OpenAI has introduced its latest small AI model, GPT-4o mini. The company announced that GPT-4o mini, which is both cheaper and faster than its current advanced models, is now available to developers and through the ChatGPT web and mobile app for consumers. Enterprise users will gain access next week.
According to OpenAI, GPT-4o mini excels in reasoning tasks involving both text and vision, outperforming other leading small AI models. As small AI models improve, they are becoming increasingly popular among developers due to their speed and cost efficiencies compared to larger models such as GPT-4 Omni or Claude 3.5 Sonnet. These smaller models are ideal for high-volume, simple tasks that require repeated AI calls.
Moreover, OpenAI claims that GPT-4o mini is significantly more affordable to operate than previous models, being more than 60% cheaper than GPT-3.5 Turbo.
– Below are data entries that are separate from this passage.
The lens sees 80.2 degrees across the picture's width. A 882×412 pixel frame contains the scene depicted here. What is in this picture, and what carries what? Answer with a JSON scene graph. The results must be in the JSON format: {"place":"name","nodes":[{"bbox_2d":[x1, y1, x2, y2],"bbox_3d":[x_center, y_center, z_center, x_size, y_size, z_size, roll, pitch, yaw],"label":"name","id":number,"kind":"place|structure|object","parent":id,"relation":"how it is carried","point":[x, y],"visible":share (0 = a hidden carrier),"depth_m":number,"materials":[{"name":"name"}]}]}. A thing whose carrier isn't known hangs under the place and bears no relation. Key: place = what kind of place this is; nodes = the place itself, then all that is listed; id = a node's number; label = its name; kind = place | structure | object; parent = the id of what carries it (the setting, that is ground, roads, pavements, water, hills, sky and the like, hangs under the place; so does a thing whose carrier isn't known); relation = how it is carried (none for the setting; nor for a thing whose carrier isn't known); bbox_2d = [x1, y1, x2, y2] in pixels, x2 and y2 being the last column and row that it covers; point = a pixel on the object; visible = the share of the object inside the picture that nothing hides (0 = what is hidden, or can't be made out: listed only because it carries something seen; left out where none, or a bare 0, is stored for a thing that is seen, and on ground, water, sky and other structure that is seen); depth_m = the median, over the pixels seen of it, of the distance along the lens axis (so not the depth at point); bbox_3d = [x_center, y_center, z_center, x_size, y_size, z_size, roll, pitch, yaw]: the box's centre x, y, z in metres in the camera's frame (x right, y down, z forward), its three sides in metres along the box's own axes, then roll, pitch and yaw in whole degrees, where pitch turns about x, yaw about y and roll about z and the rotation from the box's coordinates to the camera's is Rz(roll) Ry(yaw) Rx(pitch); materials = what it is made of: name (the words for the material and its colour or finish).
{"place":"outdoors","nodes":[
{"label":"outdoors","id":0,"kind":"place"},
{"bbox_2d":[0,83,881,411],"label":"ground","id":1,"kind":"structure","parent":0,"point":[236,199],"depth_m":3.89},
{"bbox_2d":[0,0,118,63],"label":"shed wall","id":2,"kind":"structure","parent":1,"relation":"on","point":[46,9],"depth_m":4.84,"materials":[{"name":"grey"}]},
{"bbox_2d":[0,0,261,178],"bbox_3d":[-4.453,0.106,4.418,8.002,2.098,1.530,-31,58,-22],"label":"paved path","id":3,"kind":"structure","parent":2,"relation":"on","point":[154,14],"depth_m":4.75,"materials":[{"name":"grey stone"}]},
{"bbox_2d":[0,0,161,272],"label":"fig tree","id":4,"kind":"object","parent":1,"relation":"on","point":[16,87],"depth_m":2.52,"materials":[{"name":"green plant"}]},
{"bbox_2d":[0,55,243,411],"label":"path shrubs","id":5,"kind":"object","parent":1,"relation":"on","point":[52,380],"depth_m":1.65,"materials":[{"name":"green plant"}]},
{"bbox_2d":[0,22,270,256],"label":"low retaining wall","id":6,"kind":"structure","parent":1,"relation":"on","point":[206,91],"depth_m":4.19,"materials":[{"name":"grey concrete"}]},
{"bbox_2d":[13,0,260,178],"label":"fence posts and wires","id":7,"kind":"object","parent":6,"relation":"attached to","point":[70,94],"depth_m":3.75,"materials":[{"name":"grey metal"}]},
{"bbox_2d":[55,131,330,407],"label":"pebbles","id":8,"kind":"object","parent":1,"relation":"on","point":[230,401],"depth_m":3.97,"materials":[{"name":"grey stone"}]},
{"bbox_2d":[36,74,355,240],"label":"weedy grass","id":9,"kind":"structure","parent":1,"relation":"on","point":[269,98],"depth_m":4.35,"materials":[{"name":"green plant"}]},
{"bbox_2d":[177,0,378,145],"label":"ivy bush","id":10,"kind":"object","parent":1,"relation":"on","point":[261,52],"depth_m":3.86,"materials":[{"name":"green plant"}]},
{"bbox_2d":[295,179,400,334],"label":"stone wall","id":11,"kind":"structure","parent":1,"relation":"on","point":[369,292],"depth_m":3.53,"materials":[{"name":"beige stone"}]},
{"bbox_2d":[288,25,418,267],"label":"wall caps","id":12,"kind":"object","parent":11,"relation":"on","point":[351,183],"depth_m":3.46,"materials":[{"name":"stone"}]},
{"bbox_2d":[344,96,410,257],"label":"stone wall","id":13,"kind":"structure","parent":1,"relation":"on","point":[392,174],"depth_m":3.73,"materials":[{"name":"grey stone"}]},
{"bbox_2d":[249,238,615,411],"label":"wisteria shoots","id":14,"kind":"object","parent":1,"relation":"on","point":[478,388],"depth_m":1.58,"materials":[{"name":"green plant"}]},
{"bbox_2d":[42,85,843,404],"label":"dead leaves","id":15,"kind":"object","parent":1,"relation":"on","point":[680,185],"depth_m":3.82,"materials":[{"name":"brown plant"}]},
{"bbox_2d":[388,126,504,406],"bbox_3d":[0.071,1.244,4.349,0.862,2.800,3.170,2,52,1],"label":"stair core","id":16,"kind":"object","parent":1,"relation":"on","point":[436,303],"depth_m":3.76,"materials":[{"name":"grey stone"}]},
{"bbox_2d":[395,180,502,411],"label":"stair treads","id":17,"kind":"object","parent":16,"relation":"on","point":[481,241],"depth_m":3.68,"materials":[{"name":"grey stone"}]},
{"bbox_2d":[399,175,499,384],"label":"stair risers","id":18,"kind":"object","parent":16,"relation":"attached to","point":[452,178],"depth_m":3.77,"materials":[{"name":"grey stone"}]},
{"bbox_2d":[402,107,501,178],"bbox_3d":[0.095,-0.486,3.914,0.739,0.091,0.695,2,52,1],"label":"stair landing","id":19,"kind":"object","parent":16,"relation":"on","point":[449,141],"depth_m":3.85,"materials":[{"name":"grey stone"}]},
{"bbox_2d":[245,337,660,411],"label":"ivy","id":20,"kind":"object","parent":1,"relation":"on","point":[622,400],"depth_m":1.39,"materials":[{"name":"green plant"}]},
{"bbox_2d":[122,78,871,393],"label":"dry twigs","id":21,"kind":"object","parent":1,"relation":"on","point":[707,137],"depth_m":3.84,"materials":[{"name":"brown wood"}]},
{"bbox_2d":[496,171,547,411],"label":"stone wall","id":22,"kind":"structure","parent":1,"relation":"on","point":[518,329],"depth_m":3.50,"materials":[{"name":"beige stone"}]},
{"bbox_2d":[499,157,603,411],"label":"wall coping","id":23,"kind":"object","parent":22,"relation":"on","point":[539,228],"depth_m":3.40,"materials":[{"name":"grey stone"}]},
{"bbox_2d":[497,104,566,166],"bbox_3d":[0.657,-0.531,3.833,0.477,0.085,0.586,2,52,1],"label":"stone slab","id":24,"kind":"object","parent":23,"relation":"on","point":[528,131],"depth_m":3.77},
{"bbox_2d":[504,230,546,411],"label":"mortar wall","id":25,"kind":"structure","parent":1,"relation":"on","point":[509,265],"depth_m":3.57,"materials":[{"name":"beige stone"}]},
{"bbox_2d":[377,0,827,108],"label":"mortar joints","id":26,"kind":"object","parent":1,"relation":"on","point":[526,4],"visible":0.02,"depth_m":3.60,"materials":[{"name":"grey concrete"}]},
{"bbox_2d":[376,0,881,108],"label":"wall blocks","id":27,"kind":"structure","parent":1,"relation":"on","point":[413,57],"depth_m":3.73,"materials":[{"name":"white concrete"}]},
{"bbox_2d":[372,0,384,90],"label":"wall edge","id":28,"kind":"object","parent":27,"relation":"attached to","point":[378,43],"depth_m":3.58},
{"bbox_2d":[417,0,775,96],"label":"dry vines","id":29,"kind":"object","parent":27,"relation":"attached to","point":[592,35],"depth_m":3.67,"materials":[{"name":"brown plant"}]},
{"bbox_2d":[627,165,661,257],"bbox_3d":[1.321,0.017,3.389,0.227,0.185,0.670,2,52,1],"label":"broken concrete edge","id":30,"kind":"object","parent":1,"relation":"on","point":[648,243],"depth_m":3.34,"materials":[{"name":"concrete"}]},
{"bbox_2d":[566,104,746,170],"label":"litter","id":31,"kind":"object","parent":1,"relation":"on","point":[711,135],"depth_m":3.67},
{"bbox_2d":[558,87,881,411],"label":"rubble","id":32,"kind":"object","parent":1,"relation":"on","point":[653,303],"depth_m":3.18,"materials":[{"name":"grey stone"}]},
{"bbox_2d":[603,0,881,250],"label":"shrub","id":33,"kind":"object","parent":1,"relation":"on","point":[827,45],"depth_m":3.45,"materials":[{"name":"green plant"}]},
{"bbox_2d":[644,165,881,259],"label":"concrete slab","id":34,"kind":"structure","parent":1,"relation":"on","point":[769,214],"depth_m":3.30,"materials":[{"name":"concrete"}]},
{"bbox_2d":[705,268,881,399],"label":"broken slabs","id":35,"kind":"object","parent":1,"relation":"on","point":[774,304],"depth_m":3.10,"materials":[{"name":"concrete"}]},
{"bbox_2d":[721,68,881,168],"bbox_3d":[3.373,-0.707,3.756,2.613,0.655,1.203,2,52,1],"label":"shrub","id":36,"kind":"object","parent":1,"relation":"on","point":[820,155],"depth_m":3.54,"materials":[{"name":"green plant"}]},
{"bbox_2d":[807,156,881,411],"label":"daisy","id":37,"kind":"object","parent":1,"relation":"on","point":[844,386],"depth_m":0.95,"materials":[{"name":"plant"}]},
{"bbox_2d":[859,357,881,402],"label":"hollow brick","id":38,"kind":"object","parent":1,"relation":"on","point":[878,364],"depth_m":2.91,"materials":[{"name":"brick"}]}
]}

Currently, GPT-4o mini supports text and vision in the API, with plans to add video and audio capabilities in the future.
“We envision a future where models become seamlessly integrated in every app and on every website,” the company said in its announcement. “GPT-4o mini is paving the way for developers to build and scale powerful AI applications more efficiently and affordably. The future of AI is becoming more accessible, reliable, and embedded in our daily digital experiences, and we’re excited to continue to lead the way.”
For developers using OpenAI’s API, GPT-4o mini is priced at 15 cents per million input tokens and 60 cents per million output tokens. It has a context window of 128,000 tokens, roughly equivalent to the length of a book, and a knowledge cutoff date of October 2023.
While OpenAI did not disclose the exact size of GPT-4o mini, it mentioned that it is in the same tier as other small AI models such as Llama 3 8b, Claude Haiku, and Gemini 1.5 Flash. However, the company claims GPT-4o mini is faster, more cost-efficient, and smarter than these industry-leading small models, based on pre-launch testing in the LMSYS.org chatbot arena. Early independent tests support these claims.
The company explained, “GPT-4o mini enables a broad range of tasks with its low cost and latency, such as applications that chain or parallelize multiple model calls (e.g., calling multiple APIs), pass a large volume of context to the model (e.g., full code base or conversation history), or interact with customers through fast, real-time text responses (e.g., customer support chatbots).”
In a separate announcement, OpenAI introduced new tools for enterprise customers on Thursday. In a blog post, the company revealed the Enterprise Compliance API, designed to help businesses in highly regulated industries such as finance, healthcare, legal services, and government meet logging and audit requirements.
These tools will enable admins to audit and manage their ChatGPT Enterprise data, providing records of time-stamped interactions, including conversations, uploaded files, workspace users, and more.
OpenAI is also offering admins more granular control for workspace GPTs, custom versions of ChatGPT created for specific business use cases. Previously, admins could only fully allow or block GPT actions in their workspace. Now, workspace owners can create an approved list of domains that GPTs can interact with.